A Modular Assembly of Spinal Cord-Like Tissue Allows Targeted Tissue Repair in the Transected Spinal Cord

Overview

Journal Adv Sci (Weinh)

Specialty Biomedical Engineering

Date 2018 Sep 26

PMID 30250785

Citations 21

Authors

Bi-Qin Lai

Bo Feng

Ming-Tian Che

Lai-Jian Wang

Song Cai

Meng-Yao Huang

Huai-Yu Gu

Bing Jiang

Eng-Ang Ling

Meng Li

Xiang Zeng

Yuan-Shan Zeng

Affiliations

Soon will be listed here.

Abstract

Tissue engineering-based neural construction holds promise in providing organoids with defined differentiation and therapeutic potentials. Here, a bioengineered transplantable spinal cord-like tissue (SCLT) is assembled in vitro by simulating the white matter and gray matter composition of the spinal cord using neural stem cell-based tissue engineering technique.
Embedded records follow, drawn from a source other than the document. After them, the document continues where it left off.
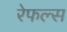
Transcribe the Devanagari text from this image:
रेफल्स
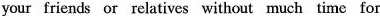
your friends or relatives without much time for
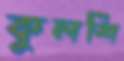
কুলশি
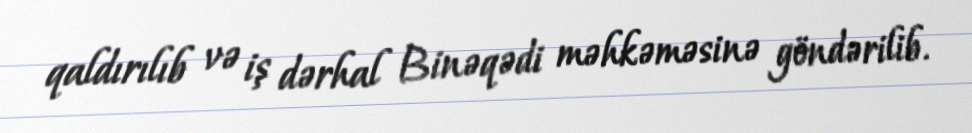
qaldırılıb və iş dərhal Binəqədi məhkəməsinə göndərilib.
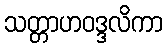
သတ္တာဟဝဒ္ဒလိကာ
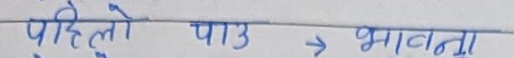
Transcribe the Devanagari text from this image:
पहिलो पाऊ → भावना
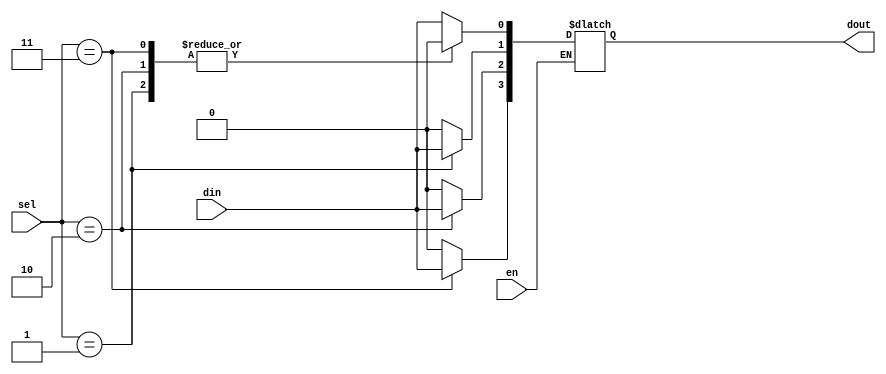
`timescale 1ns / 1ps

module demux(
    input din, en,
    input [1:0] sel,
    output reg [3:0] dout
    );
    
always@(*)
begin

if(en)
begin

case(sel)
2'b00:begin
dout[3] <= 0;
dout[2] <= 0;
dout[1] <= 0;
dout[0] <= din;
end
2'b01:begin
dout[3] <= 0;
dout[2] <= 0;
dout[1] <= din;
dout[0] <= 0;
end
2'b10:begin
dout[3] <= 0;
dout[2] <= din;
dout[1] <= 0;
dout[0] <= 0;
end
2'b11:begin
dout[3] <= din;
dout[2] <= 0;
dout[1] <= 0;
dout[0] <= 0;
end
default: begin
dout <= 4'b0000;
end

endcase

end

end

endmodule
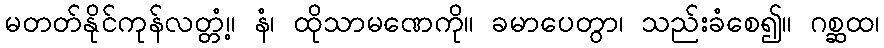
မတတ်နိုင်ကုန်လတ္တံ့။ နံ၊ ထိုသာမဏေကို။ ခမာပေတွာ၊ သည်းခံစေ၍။ ဂစ္ဆထ၊
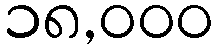
၁၈,၀၀၀
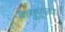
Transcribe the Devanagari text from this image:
बासुपूज्य
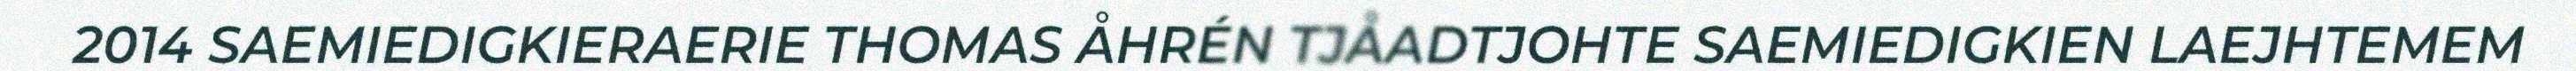
2014 SAEMIEDIGKIERAERIE THOMAS ÅHRÉN TJÅADTJOHTE SAEMIEDIGKIEN LAEJHTEMEM
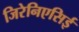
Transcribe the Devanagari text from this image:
जिरेनिएसिई
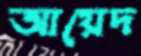
আয়েদ
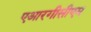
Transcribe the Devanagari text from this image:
एआरगीसीएम
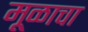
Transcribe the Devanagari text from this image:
मूळाचा
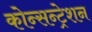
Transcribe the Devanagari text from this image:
कोन्सन्ट्रेशन
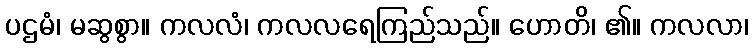
ပဌမံ၊ မဆွစွာ။ ကလလံ၊ ကလလရေကြည်သည်။ ဟောတိ၊ ၏။ ကလလာ၊
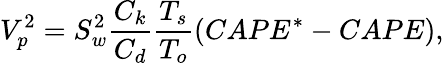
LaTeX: V_{p}^{2}=S_{w}^{2}\frac{C_{k}}{C_{d}}\frac{T_{s}}{T_{o}}(CAPE^{*}-CAPE),
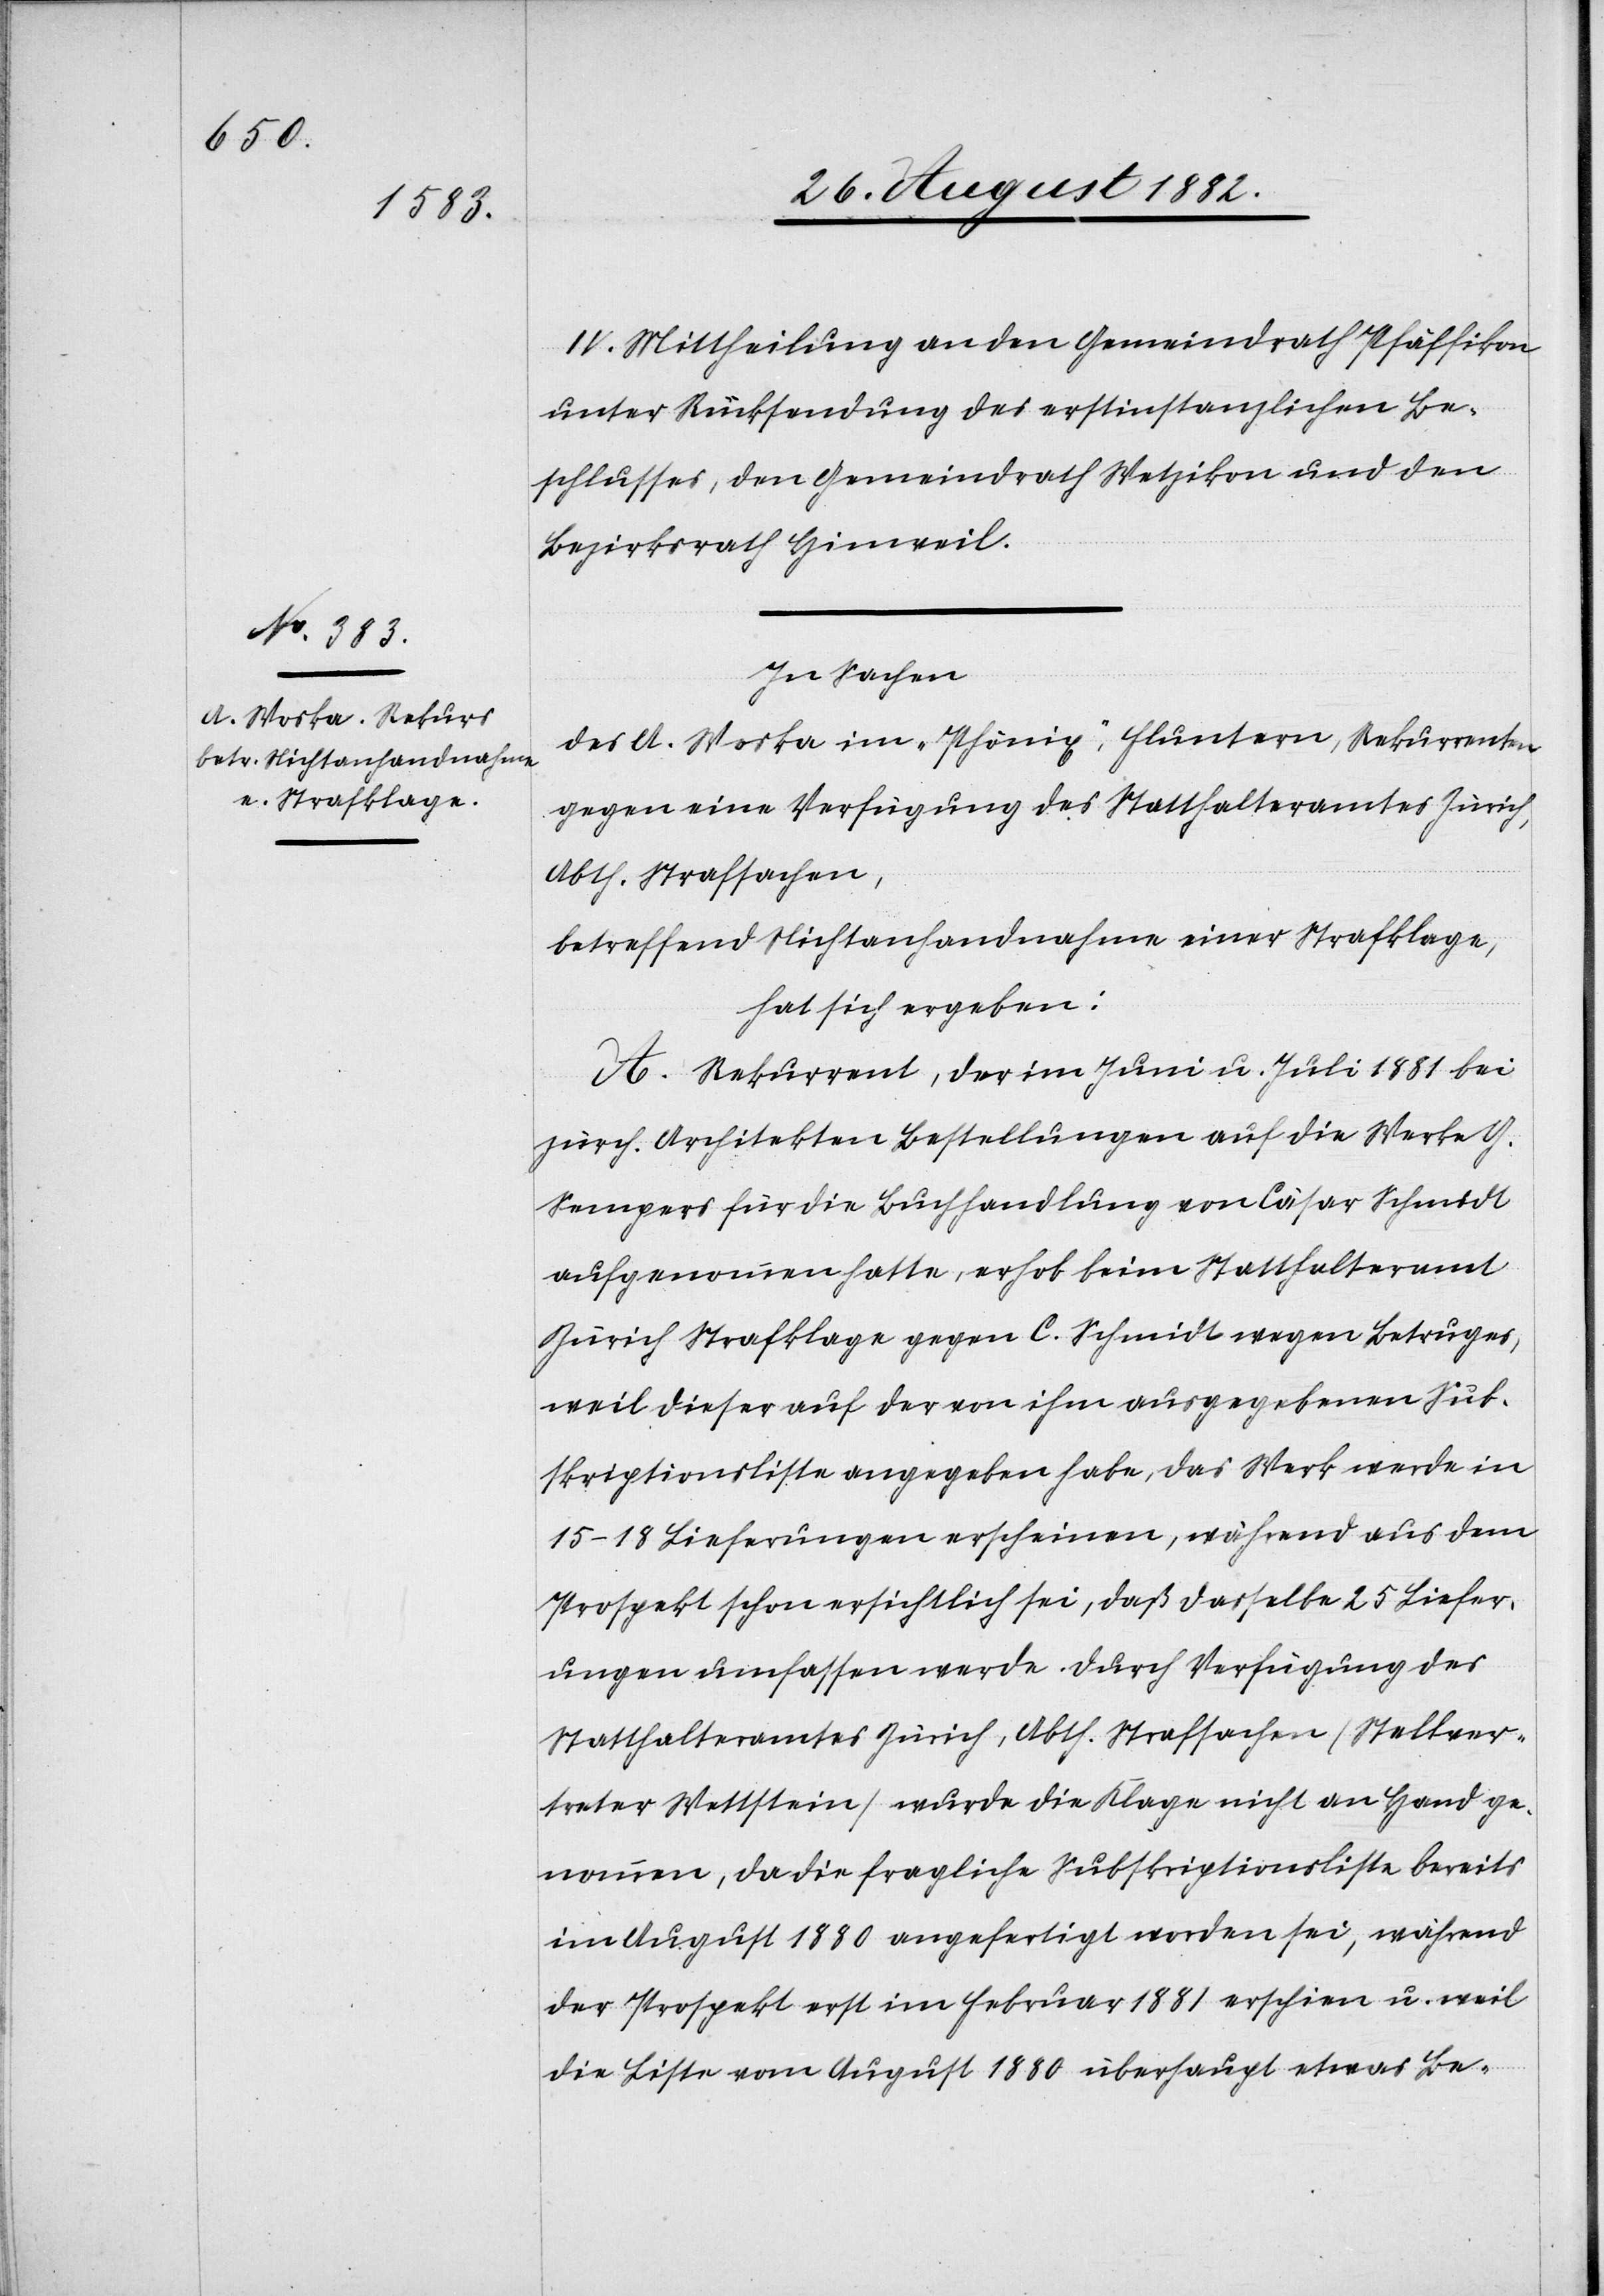
IV. Mittheilung an den Gemeindrath Pfäffikon
unter Rücksendung des erstinstanzlichen Be¬
schlusses, den Gemeindrath Wetzikon und den
Bezirksrath Hinweil.
In Sachen
des A. Stoska im „Phönix“, Fluntern, Rekurrenten
gegen eine Verfügung des Statthalteramtes Zürich,
Abth. Strafsachen,
betreffend Nichtanhandnahme einer Strafklage,
hat sich ergeben:
A. Rekurrent, der im Juni u. Juli 1881 bei
zürch. Architekten Bestellungen auf die Werke G.
Sempers für die Buchhandlung von Cäsar Schmidt
aufgenommen hatte, erhob beim Statthalteramt
Zürich Strafklage gegen C. Schmidt wegen Betruges,
weil dieser auf der von ihm ausgegebenen Sub¬
skriptionsliste angegeben habe, das Werk werde in
15–18 Lieferungen erscheinen, während aus dem
Prospekt ersichtlich sei, daß dasselbe 25 Liefer¬
ungen umfassen werde. Durch Verfügung des
Statthalteramtes Zürich, Abth. Strafsachen (Stellver¬
treter Wettstein) wurde die Klage nicht an Hand ge¬
nommen, da die fragliche Subskriptionsliste bereits
im August 1880 angefertigt worden sei, während
der Prospekt im Februar 1881 erschien u. weil
die Liste vom August 1880 überhaupt etwas Be-
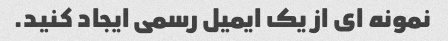
نمونه ای از یک ایمیل رسمی ایجاد کنید.
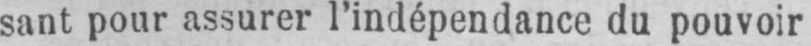
sant pour assurer l’indépendance du pouvoir
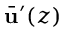
\bar { \mathbf { u } } ^ { \prime } ( z )
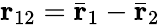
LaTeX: \mathbf{r}_{12}=\bar{\mathbf{r}}_{1}-\bar{\mathbf{r}}_{2}
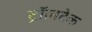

Whether the organoid would execute targeted repair in injured spinal cord is evaluated. The integrated SCLT, assembled by white matter-like tissue (WMLT) module and gray matter-like tissue (GMLT) module, shares architectural, phenotypic, and functional similarities to the adult rat spinal cord. Organotypic coculturing with the dorsal root ganglion or muscle cells shows that the SCLT embraces spinal cord organogenesis potentials to establish connections with the targets, respectively. Transplantation of the SCLT into the transected spinal cord results in a significant motor function recovery of the paralyzed hind limbs in rats. Additionally, targeted spinal cord tissue repair is achieved by the modular design of SCLT, as evidenced by an increased remyelination in the WMLT area and an enlarged innervation in the GMLT area. More importantly, the pro-regeneration milieu facilitates the formation of a neuronal relay by the donor neurons, allowing the conduction of descending and ascending neural inputs.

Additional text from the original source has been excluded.